- Born: November 7, 1904 Kayyngdy, Semirechye Oblast, Russian Empire
- Died: June 19, 1988 (aged 83) Bishkek, Kyrgyz SSR, USSR
- Citizenship: Russian Empire, Soviet Union
- Education: National University of Uzbekistan
- Occupations: Writer, poet
- Children: 4
- Writing career
- Pen name: Balka
- Language: Kyrgyz
- Period: 1923–1927
- Notable awards: Hero of Socialist Labour Order of Lenin Order of the Red Banner of Labour Order of the Badge of Honour

= Aaly Tokombaev =

Kyrgyz writer and composer (1904–1988)

Aaly Tokombaev (Аалы Токомбаев; November 7, 1904 – June 19, 1988) was a poet, composer, and a famous novelist who greatly influenced the Kyrgyz nation. In 1927 he graduated from the Middle Asian Community University (presently National University of Uzbekistan, in Tashkent. After graduation, he fully devoted himself to Soviet Kyrgyz literature.

In the following years of 1927 through 1940 he began to write a collection of poems. Tokombaev published the collections Lenin (1927), Flowers of Labor (1932), and Early Poems (1934) and the novellas The Dnieper Empties into the Deep Sea (1939) and The Wounded Heart (1940). Throughout the Great Patriotic War (1941–1945) he wrote patriotic and narrative poems through which he expressed his opinions, ideas, and beliefs.

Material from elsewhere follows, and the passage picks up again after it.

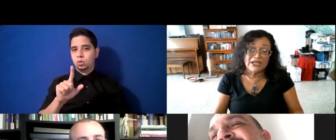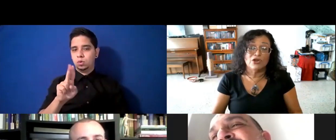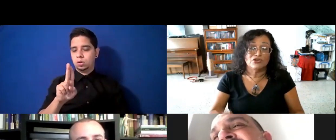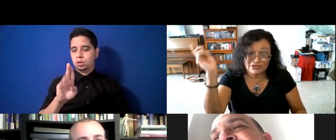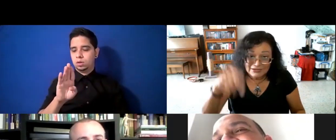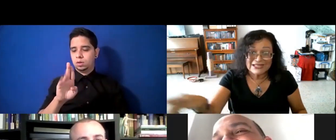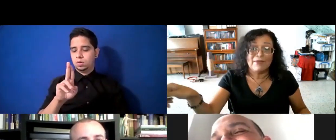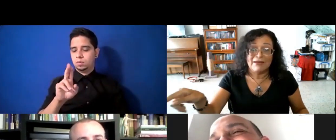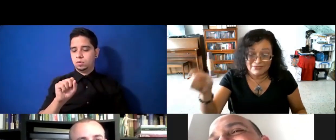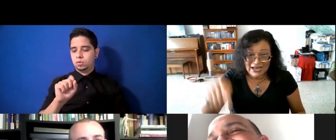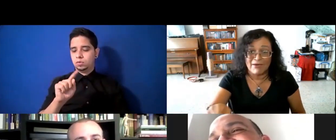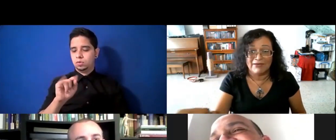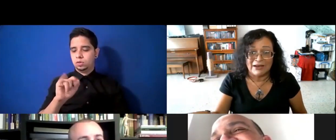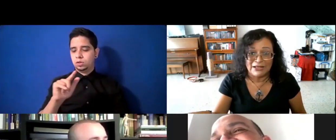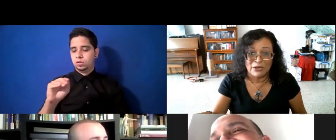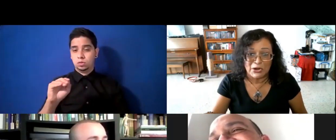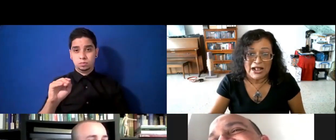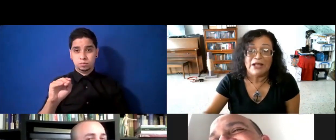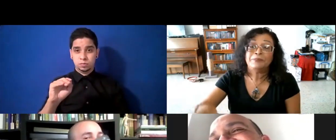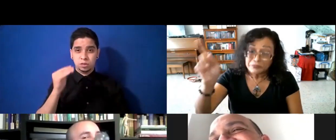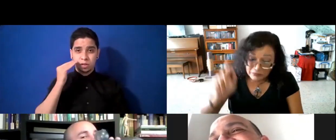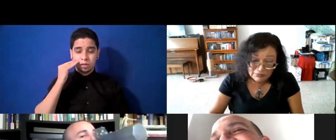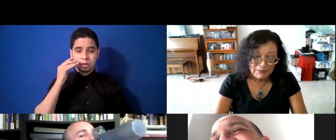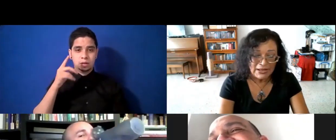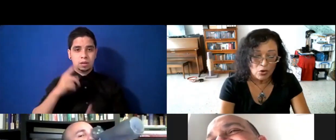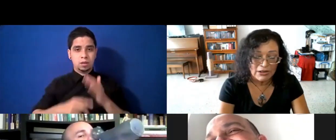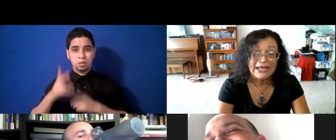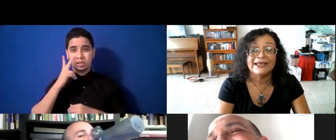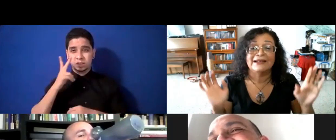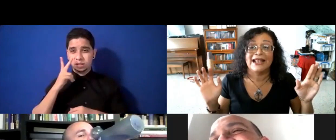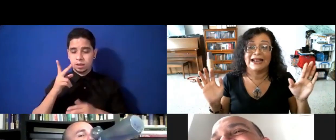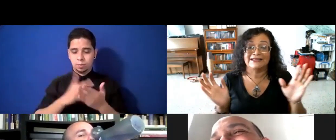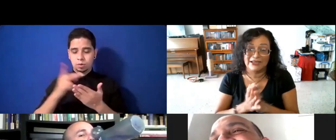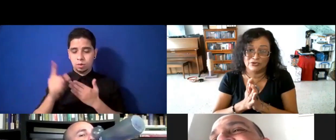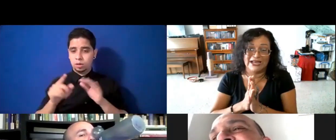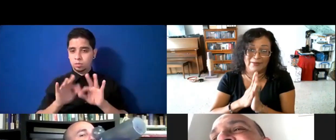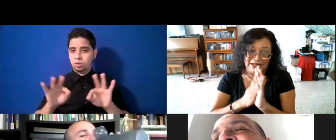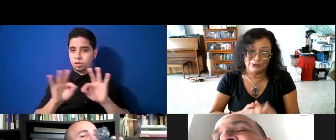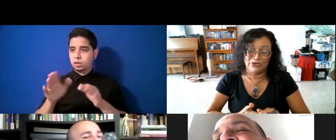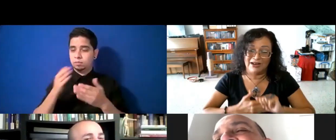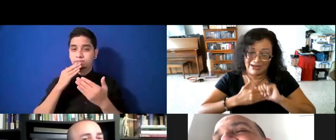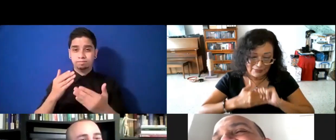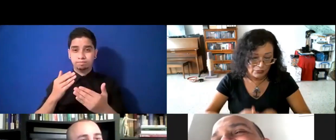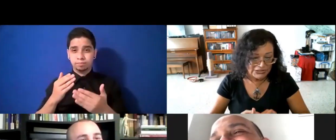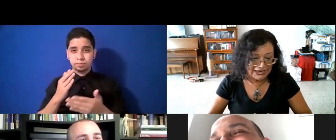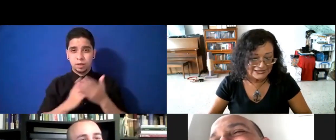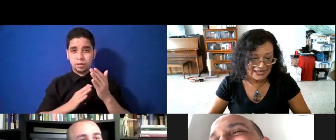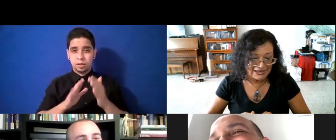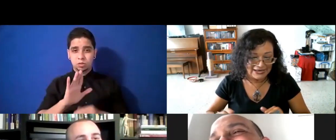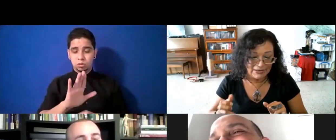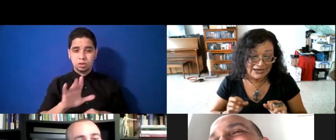duda. Y yo sé que vas a estar viendo el programa, pero hay que darle las gracias, yo sé que de parte tuya, les van a dar muchas gracias, el
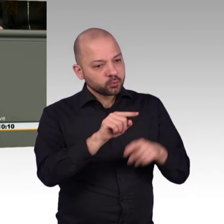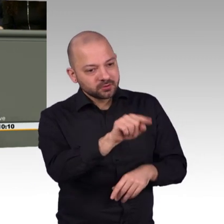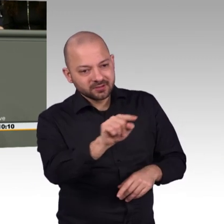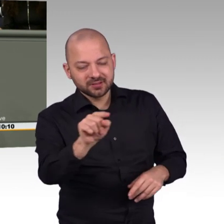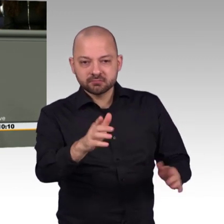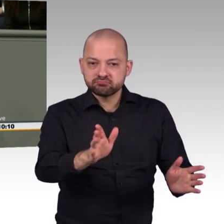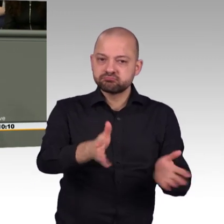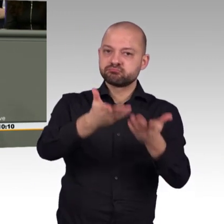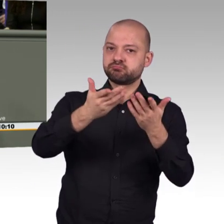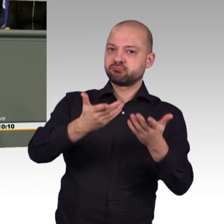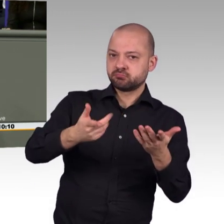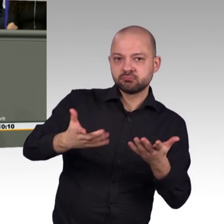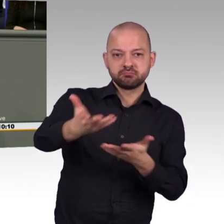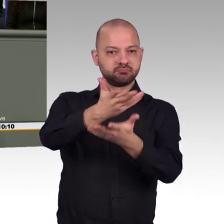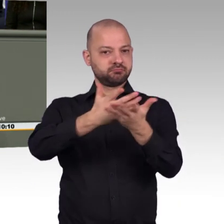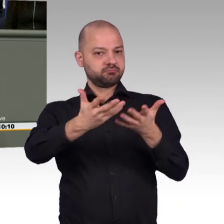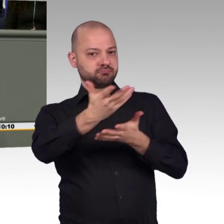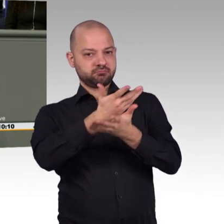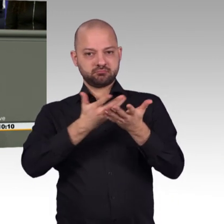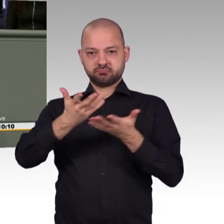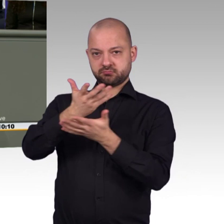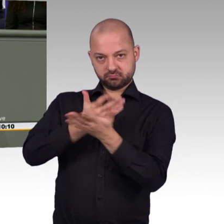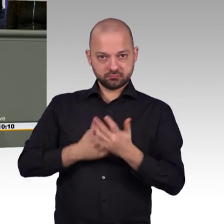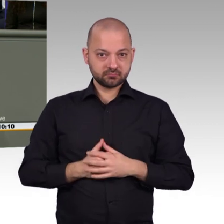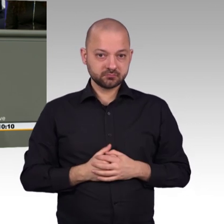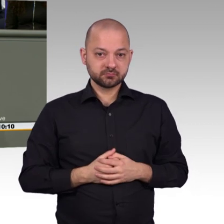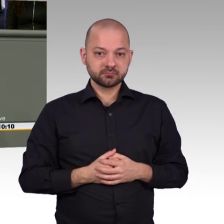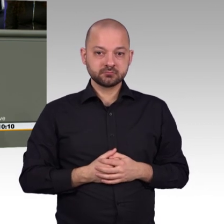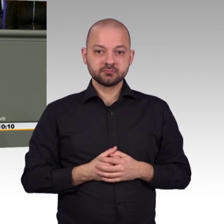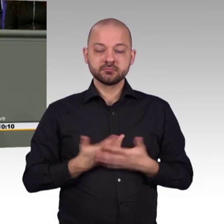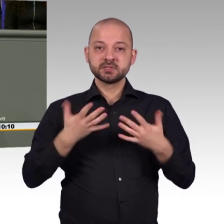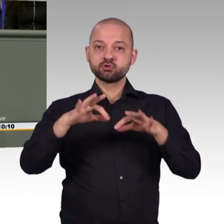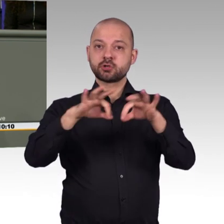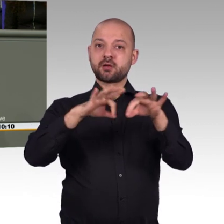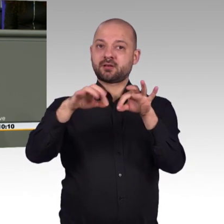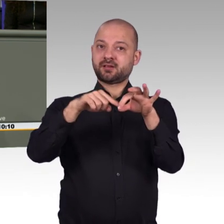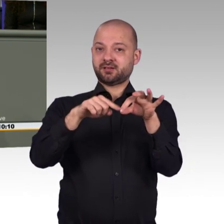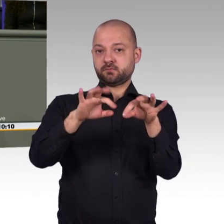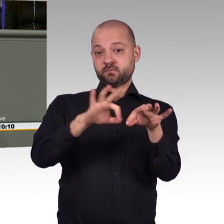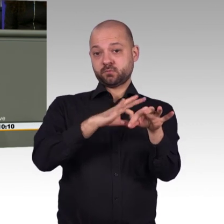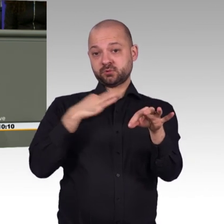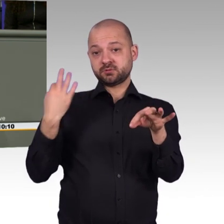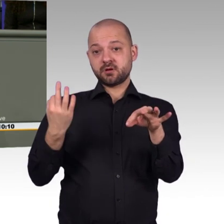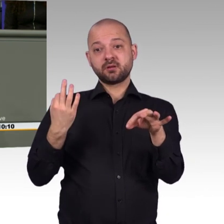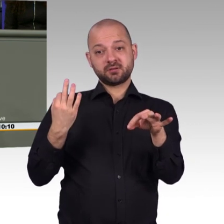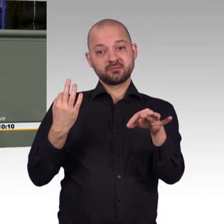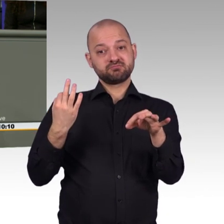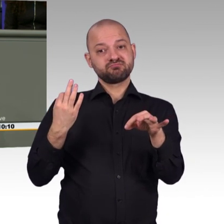Daseinsvorsorge. Das muss jetzt kommen. Und das hat hier hoffentlich der Letzte auch verstanden. Und die eigentliche Frage ist doch, was kommt jetzt?

In his time Kyrgyzstan was the scene of a struggle between tsarism and Soviet rule. He wrote such novels as Before the Dawn, Part 1; Bloody Years (1935); Before the Dawn, Part 2 (1947). Through those books he expressed opinions on the unfair rule and treatment of the Kyrgyz people.

He died in 1988.

== Major works ==

(Russian/Kyrgyz titles in parentheses)
- About Lenin ("Ленин тууралу", 1927)
- Mirror of a woman ("Зеркало женщины", 1929)
- Flowers of work ("Эмгек гүлү", 1932)
- Attack ("Атака", 1932)
- Early verses ("Абалкы ырлар", 1934)
- Dnestr flow into deep sea ("Днестр терең деңизге куят", 1939)
- Wounded heart ("Жараланган жүрөк", 1940)
- With my own eyes ("Өз көзүм менен", 1952)
- My birth certificate ("Менин метрикам", 1955)
- Face to Face ("Лицом к лицу", 1957)
- Time flies ("Время летит", 1958)
- Investigation is going on ("Тергөө жүрүп жатат", 1962)
- Melodies of komuz ("Мелодии комуза", 1962)
- We were soldiers ("Мы были солдатами", 1974)
- Master ("Мастер", 1982)
- Toktogul ("Токтогул", 2014)

==Honours and awards==
- Hero of Socialist Labour (27 September 1974)
- Order of Lenin (28 February 1946, 27 September 1974)
- Order of the October Revolution (6 November 1984)
- Three Order of the Red Banner of Labour (14 April 1955, 1 November 1958, 11 January 1964)
- Order of the Badge of Honour (31 January 1951)
- State Prize of the Kirghiz SSR named after Toktogul Satylganov (1967).

==Legacy==

===Eponyms===

- Prospect after Aaly Tokombaev, a street in southern part of Bishkek, named in 1990.

===Memorials===
- Aaly Tokmbaev's memorial near Bishkek Opera and Ballet Theater.